3. Superman III - Richard Pryor discovers a natural talent for computer programming and is used by a poor man's Lex Luthor to hack a satellite to discover how to make Kryptonite. Pryor's analysis shows an unknown substance makes up part of Superman's greatest weakness so he substitutes in tar. The tar Kryptonite, once given to Supes, turns him into a boozy, sex-hound of a bum. Then there's a fight against a super-computer, yada yada yada...
4. Superman IV: The Quest for Peace - Supes decides to rid the world of nuclear weapons; Lex Luthor returns and using a strand of Superman's hair creates Nuclear Man who... They fight; Nuclear Man wins; Superman wins, but then he doesn't, and they fight again, and Superman wins. Jon Cryer is Lex's nephew, taking over for Ned Beatty as Luthor's bumbling assistant.
5. Supergirl - As bad as Superman III and IV were, they couldn't compare to the black hole level of suck delivered by Supergirl. Just avoid it... in fact, forget I even mentioned it.
6. Spawn - My hatred of Todd McFarlane's artistic style (as well as just McFarlane himself) made it impossible for me to get through all of Spawn so this may not be the fairest entry.
7. The Fantastic Four - Not the 2005 release (although that one wasn't that hot) but the unreleased 1994 version produced by crap movie maker, Roger Corman, which no one who hasn't bought a bootleg from a sci-fi convention has seen.
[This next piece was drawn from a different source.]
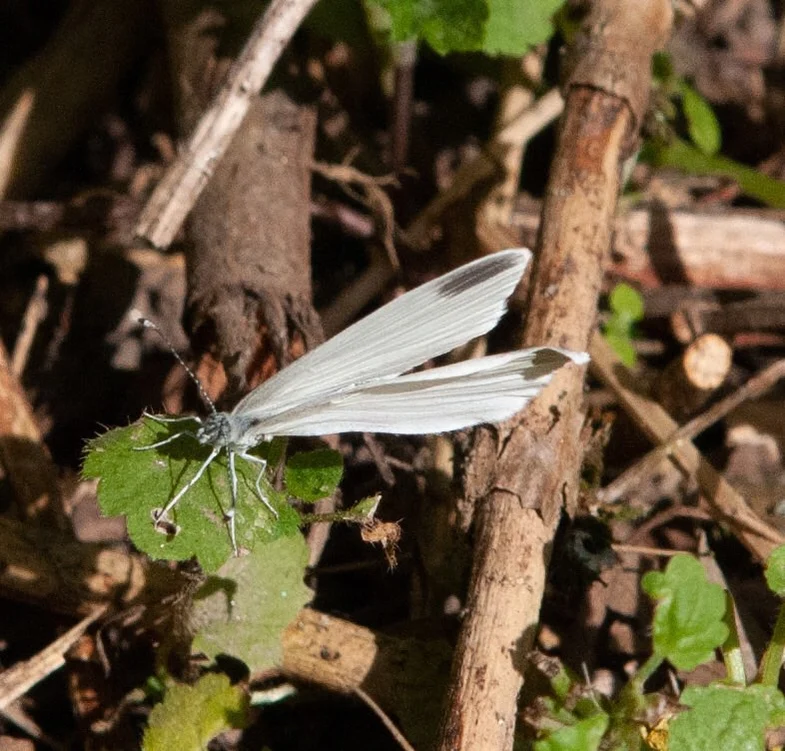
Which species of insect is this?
Leptidea sinapis/juvernica

So bad it's fun to watch. My favorite part is when the character of Alicia Masters (the Thing's girlfriend) is subdued by chloroform and kidnapped. As she's passing out, the camera switches to Alicia's point of view to show everything going fuzzy and then black. The only problem with that is the character of Alicia Masters is blind. Wizard Magazine actually ranked this film higher than Batman and Robin, Steel, and Red Sonja.
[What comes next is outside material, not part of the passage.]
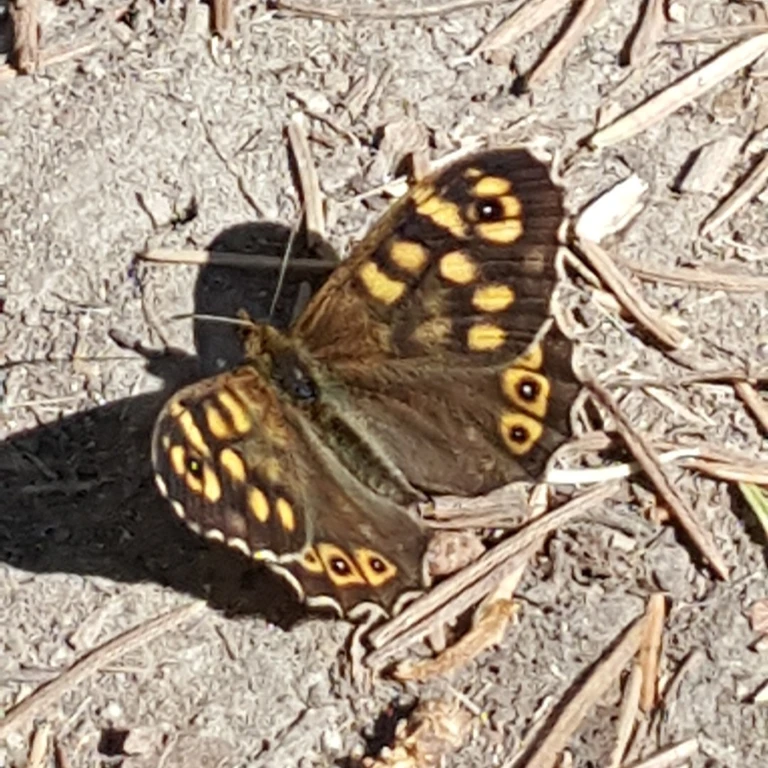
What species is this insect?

8. The Hulk - Ang Lee's horrible rendition. The computer graphics for the Hulk made his face look flat if not enraged, had his height change from 8 to 15 feet depending on how mad he got, and used Nick Nolte as Bruce Banner's hateful dad who, when exposed to gamma radiation, essentially becomes the Absorbing Man and then minor (and stupid) Hulk foe, Zzaxx the Living Dynamo, when dear old dad decides to absorb electricity.
9. Steel - Just offhand, I can't think of any good movie that stars a real life sports hero as a lead. Shaquille O'Neil should have stuck to breaking backboards instead of this adaptation of what is an actually interesting comic book character that's part of the "Superman Family."
10. The Legend of the Lone Ranger - The superhero of the Old West. The actor playing the masked man was dubbed over which never lends itself well to creating a good movie. Give me Clayton Moore and Jay Silverheels any day. Clayton Moore had legal action brought against him to keep him from appearing as the Lone Ranger at public events (he changed his costume slightly and took to wearing wraparound sunglasses instead of a mask) before the movie started filming. Moore counter-sued and regained the rights to appear as the Lone Ranger after the movie bombed.